* **TASK PROMPT**
Extract all lines that hold "typeface" from the records below.

* **RECORDS TO PROCESS**
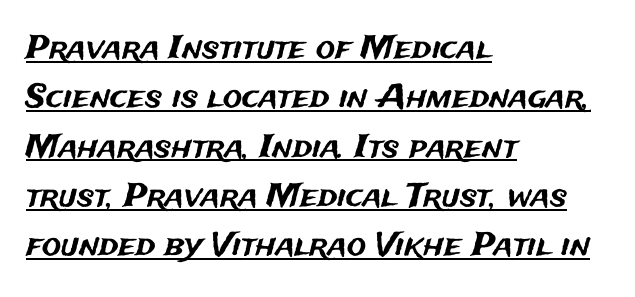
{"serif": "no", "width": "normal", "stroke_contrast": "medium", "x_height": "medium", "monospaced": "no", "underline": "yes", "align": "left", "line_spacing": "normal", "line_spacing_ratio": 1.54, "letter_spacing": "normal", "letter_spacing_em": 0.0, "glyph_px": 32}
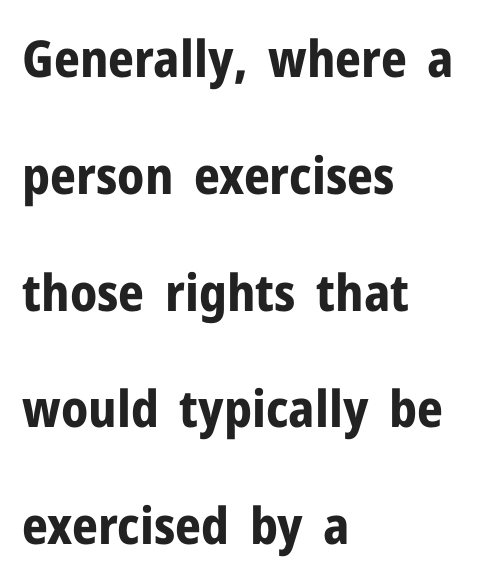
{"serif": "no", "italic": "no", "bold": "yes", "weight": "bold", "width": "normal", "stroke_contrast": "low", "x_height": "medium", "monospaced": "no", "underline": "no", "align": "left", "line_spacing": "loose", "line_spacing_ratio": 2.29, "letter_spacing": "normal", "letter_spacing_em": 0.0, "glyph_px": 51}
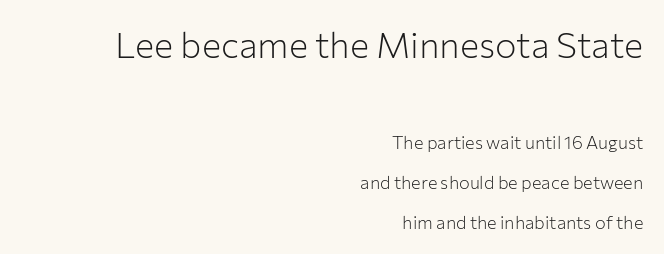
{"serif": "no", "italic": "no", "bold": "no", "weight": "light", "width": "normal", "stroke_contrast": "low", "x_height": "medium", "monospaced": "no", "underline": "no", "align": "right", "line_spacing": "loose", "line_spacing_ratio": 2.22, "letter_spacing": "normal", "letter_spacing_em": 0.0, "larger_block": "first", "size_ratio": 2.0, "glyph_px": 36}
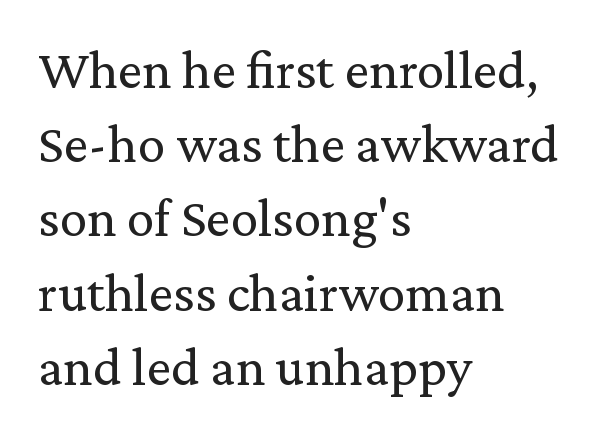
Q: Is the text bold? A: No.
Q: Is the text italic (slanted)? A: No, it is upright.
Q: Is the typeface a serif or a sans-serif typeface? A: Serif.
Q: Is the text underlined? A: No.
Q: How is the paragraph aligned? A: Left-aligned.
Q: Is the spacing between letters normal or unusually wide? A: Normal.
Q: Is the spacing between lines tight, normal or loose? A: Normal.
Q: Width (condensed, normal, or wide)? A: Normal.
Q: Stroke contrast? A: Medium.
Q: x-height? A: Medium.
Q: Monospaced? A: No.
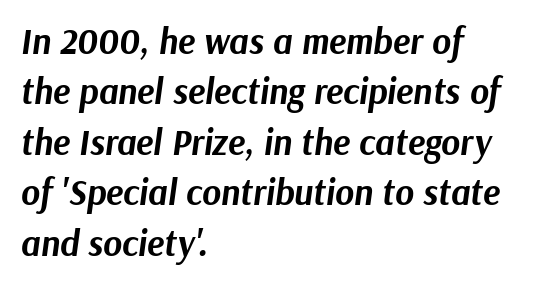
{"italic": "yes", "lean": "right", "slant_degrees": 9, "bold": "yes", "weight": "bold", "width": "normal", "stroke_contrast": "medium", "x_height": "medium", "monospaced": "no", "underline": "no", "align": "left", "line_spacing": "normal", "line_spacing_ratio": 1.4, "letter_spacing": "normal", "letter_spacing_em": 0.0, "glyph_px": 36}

---

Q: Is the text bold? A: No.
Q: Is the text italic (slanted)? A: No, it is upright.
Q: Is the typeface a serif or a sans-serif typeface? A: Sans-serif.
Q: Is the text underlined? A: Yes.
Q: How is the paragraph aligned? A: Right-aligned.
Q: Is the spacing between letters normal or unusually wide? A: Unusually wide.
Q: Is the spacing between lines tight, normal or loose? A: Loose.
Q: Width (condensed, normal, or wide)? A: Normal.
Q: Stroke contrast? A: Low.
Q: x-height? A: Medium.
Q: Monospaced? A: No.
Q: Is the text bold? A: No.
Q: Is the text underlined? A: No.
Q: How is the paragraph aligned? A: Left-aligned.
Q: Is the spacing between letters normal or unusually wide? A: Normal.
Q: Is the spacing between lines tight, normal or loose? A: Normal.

...

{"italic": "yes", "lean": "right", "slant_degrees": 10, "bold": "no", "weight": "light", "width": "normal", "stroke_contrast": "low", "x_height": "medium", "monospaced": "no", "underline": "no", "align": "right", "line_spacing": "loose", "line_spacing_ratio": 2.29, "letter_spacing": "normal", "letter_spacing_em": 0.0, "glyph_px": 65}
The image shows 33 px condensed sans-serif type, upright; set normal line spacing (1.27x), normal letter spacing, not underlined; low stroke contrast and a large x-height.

* **TASK OUTPUT**
Q: Is the typeface a serif or a sans-serif typeface? A: Serif.
Q: Is the typeface a serif or a sans-serif typeface? A: Sans-serif.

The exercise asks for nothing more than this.